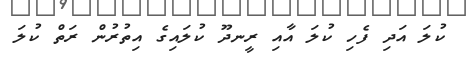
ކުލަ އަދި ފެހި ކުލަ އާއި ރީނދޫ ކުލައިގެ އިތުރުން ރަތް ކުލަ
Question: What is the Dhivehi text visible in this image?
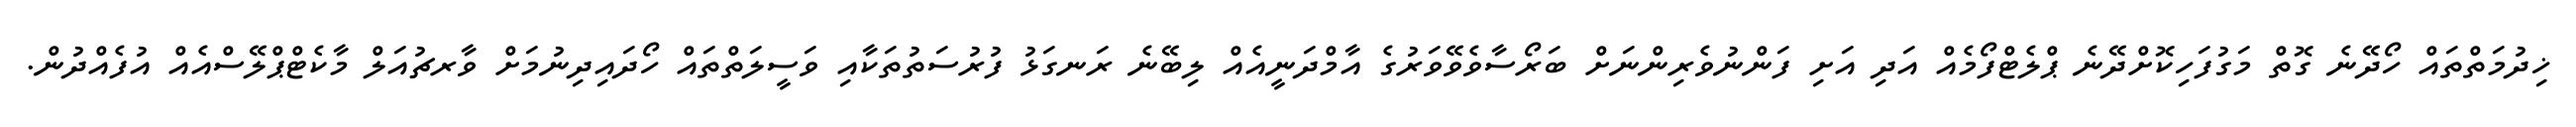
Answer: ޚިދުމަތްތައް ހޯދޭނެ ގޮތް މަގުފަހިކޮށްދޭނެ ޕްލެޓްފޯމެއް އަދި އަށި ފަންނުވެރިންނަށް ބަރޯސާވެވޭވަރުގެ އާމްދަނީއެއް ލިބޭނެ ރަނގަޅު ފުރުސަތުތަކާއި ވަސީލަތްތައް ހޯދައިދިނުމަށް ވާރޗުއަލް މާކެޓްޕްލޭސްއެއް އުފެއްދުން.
--
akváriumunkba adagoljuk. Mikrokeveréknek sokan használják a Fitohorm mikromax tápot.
...
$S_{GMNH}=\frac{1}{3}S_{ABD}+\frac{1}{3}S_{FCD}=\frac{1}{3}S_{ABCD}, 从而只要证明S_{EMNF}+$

**Task statement**
In the entries above, find the line that contains "Question: What is" and the line that contains "Answer: ޚިދުމަތްތައް ހޯދޭނެ". Reproduce exactly those two lines and every line between them, but not the pictures.

**Response to this exercise**
Question: What is the Dhivehi text visible in this image?
Answer: ޚިދުމަތްތައް ހޯދޭނެ ގޮތް މަގުފަހިކޮށްދޭނެ ޕްލެޓްފޯމެއް އަދި އަށި ފަންނުވެރިންނަށް ބަރޯސާވެވޭވަރުގެ އާމްދަނީއެއް ލިބޭނެ ރަނގަޅު ފުރުސަތުތަކާއި ވަސީލަތްތައް ހޯދައިދިނުމަށް ވާރޗުއަލް މާކެޓްޕްލޭސްއެއް އުފެއްދުން.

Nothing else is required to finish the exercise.